RESULTS: By multivariate logistic regression analysis adjusted for Child-Pugh scores, noneffective antiviral treatment, drinking history, family history of HCC, and age ≥50 years old were associated with HCC risk (odds ratio [OR] = 5.923, 2.456, 2.241, 1.955, respectively). Sixty-two of 170 cirrhotic patients who achieved sustained virological suppression by antiviral treatment developed HCC, with fatty liver disease, family history of HCC, and family history of hepatitis B virus (HBV) infection as the risk factors (OR = 11.646, 3.339, 2.537, respectively). The SNPs associated with HCC risk in patients with cirrhosis and CHB were rs11536889 in TLR4 and rs2853744 in SPP1. Polymorphisms of TLR4 rs2149356, AP3S2 rs2290351, STXBP5L rs2169302, MLEC rs7976497, and SOCS3 rs4969168 were associated with HCC risk in specific stratified analyses with gender, age, and drinking history in the cirrhotic patients.

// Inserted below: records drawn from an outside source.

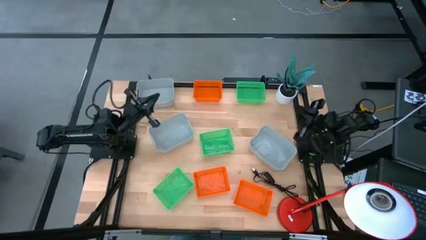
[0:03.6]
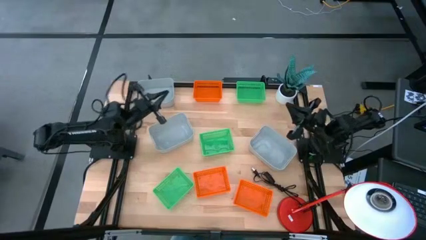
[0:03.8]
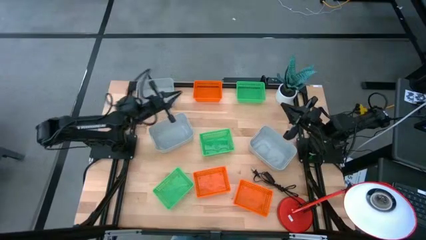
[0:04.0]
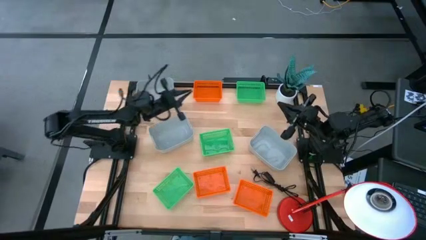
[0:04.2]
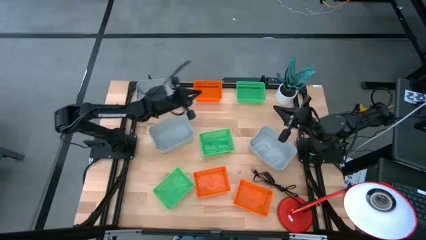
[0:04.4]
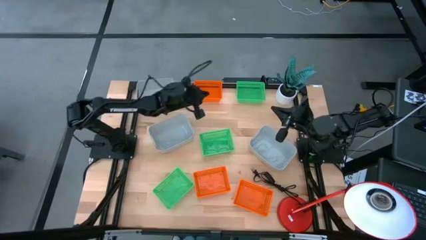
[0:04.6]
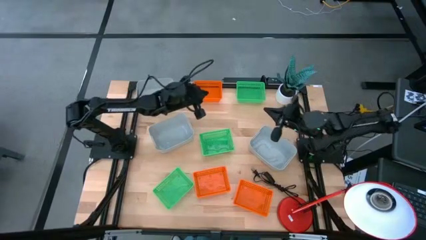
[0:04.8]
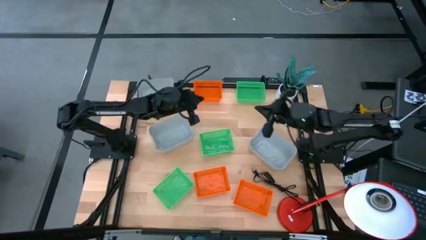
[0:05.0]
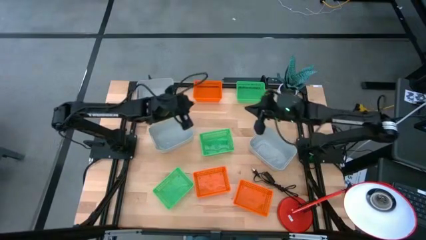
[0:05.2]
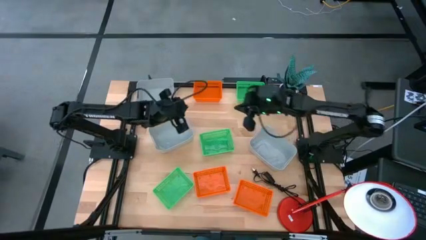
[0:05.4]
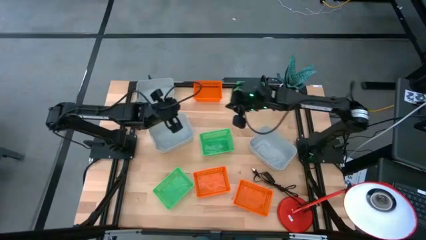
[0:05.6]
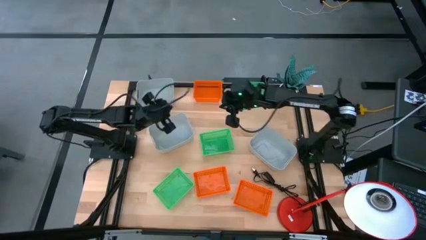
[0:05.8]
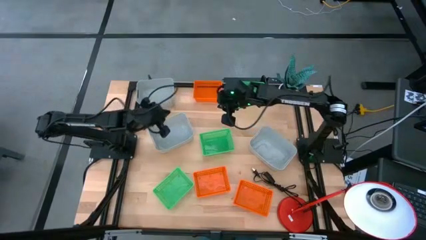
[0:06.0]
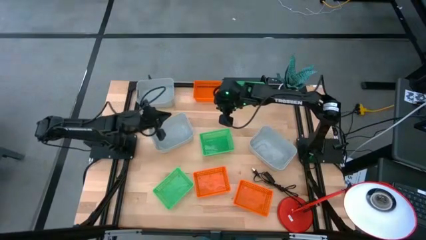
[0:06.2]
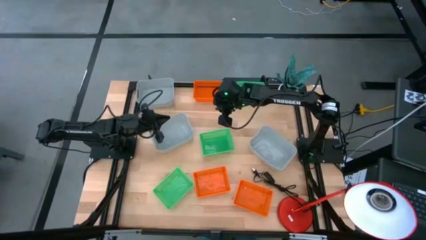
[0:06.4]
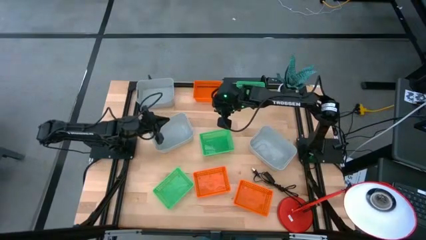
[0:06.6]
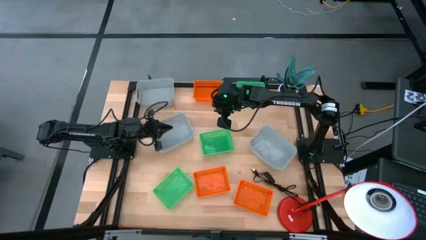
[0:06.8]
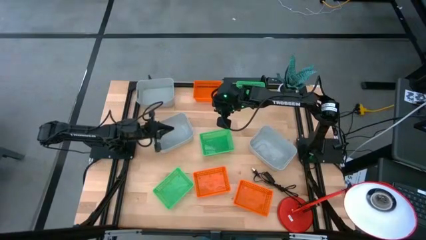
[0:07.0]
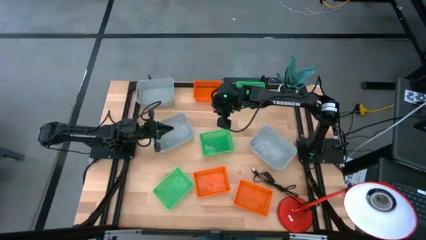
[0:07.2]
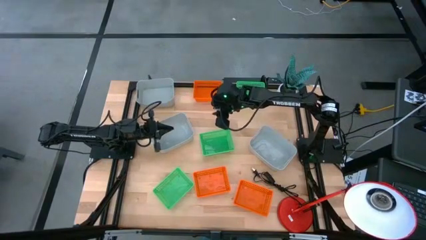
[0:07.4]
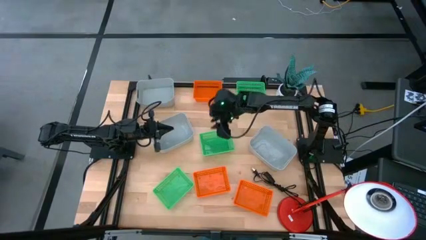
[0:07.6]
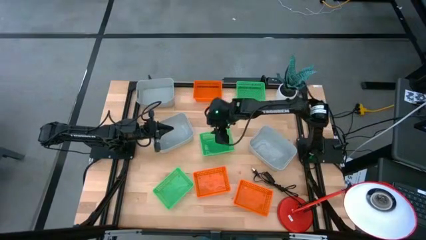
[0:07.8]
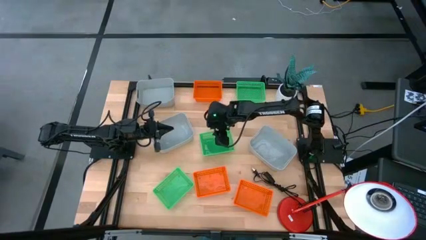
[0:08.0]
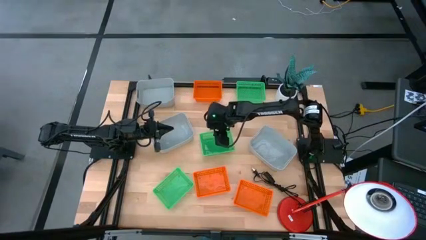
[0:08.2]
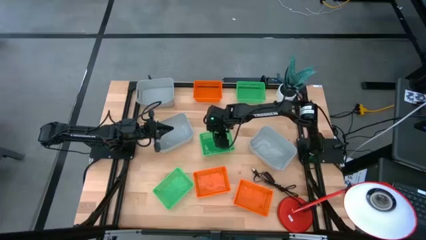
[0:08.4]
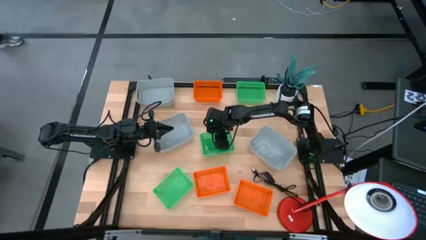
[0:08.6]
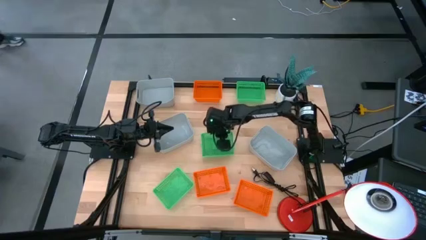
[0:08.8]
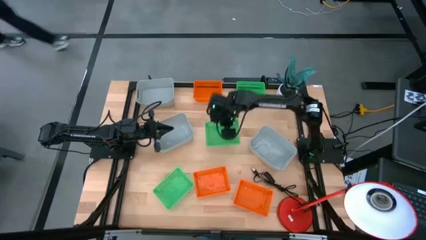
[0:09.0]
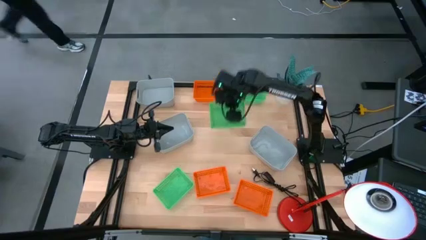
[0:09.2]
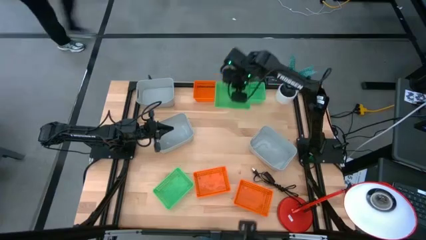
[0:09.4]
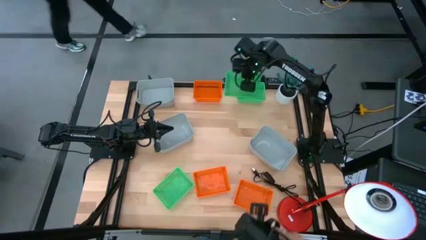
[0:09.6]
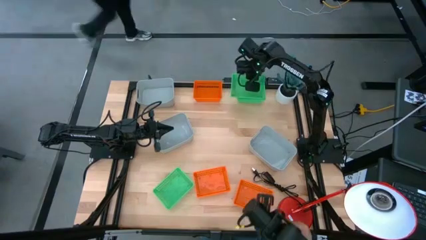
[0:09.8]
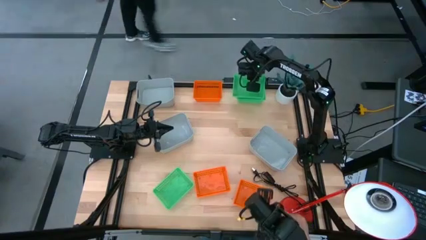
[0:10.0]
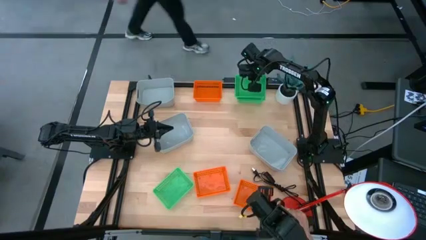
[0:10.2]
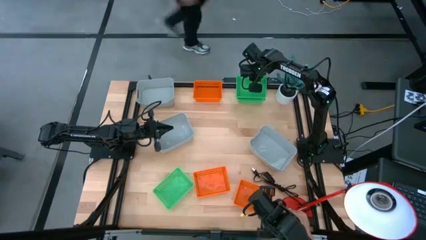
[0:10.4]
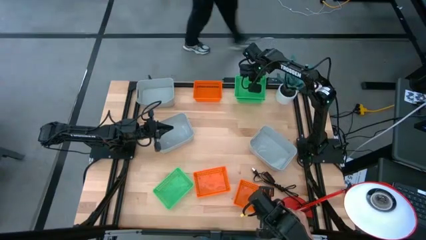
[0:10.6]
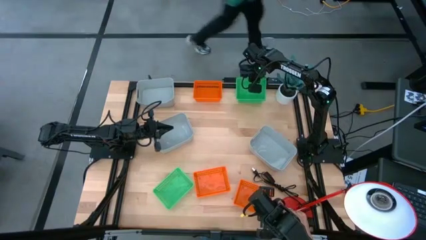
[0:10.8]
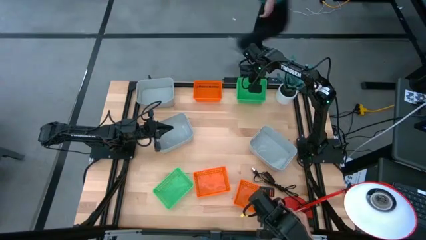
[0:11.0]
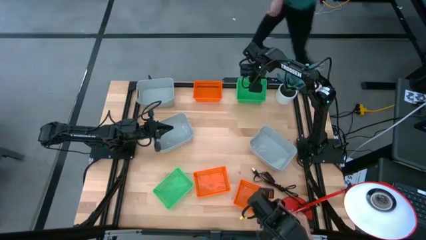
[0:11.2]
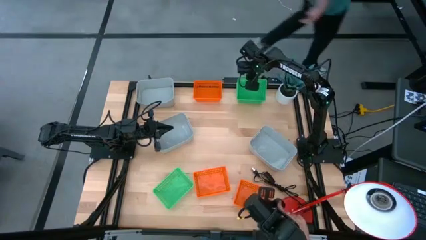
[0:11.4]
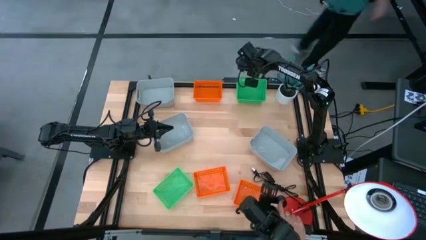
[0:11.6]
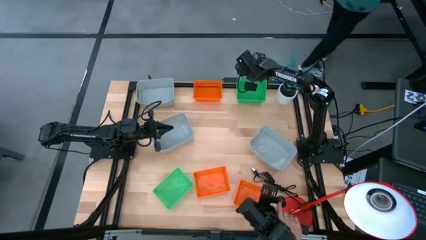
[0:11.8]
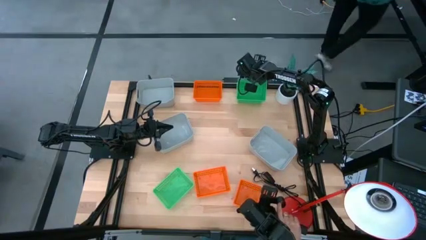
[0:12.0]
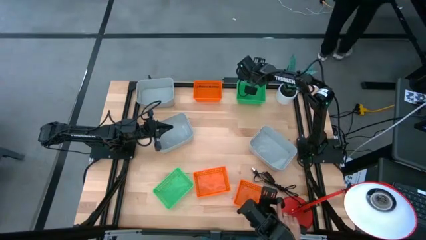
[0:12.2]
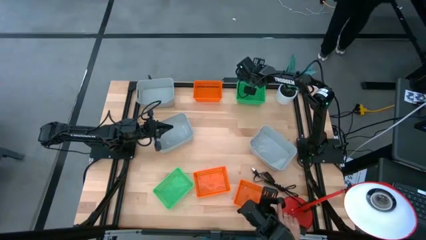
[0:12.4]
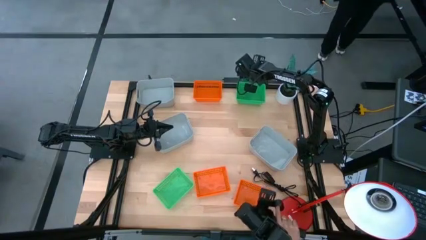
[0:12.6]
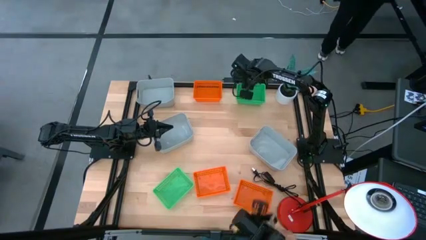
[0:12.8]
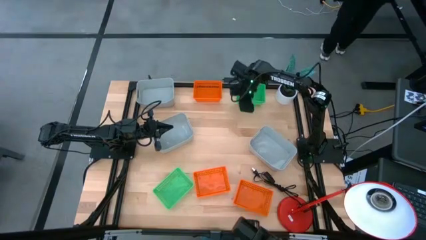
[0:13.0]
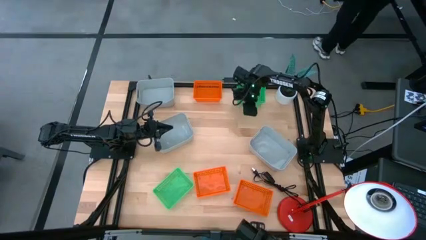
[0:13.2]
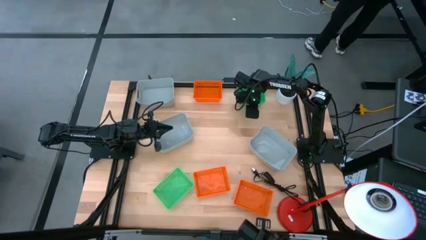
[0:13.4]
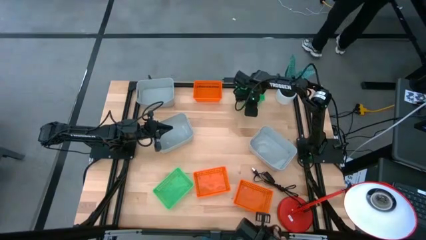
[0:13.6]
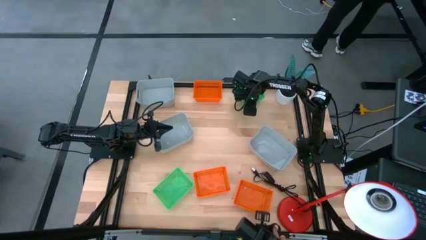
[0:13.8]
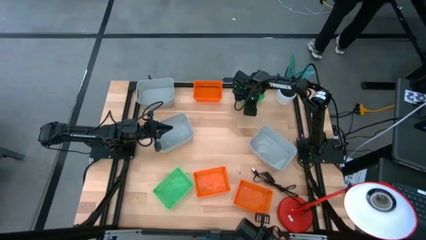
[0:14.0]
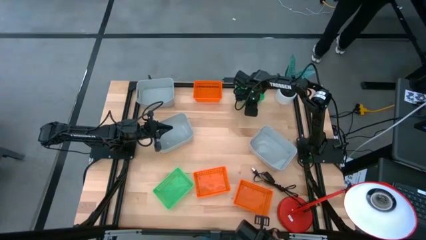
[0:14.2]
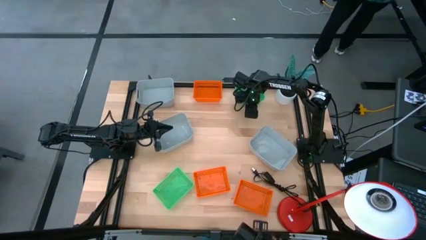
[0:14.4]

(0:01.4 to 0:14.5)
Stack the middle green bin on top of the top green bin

CONCLUSIONS: Inadequate antiviral treatment, family history of HCC, drinking history, and age ≥50 years old are risk factors for HCC. Sustained suppression of HBV does not eliminate the risk of HCC. Specific host genetic factors may impact HCC development in Han Chinese cirrhotic patients with CHB, including SNPs in TLR4, SPP1, AP3S2, STXBP5L, MLEC, and SOCS3, which warrant further validation in additional cohorts.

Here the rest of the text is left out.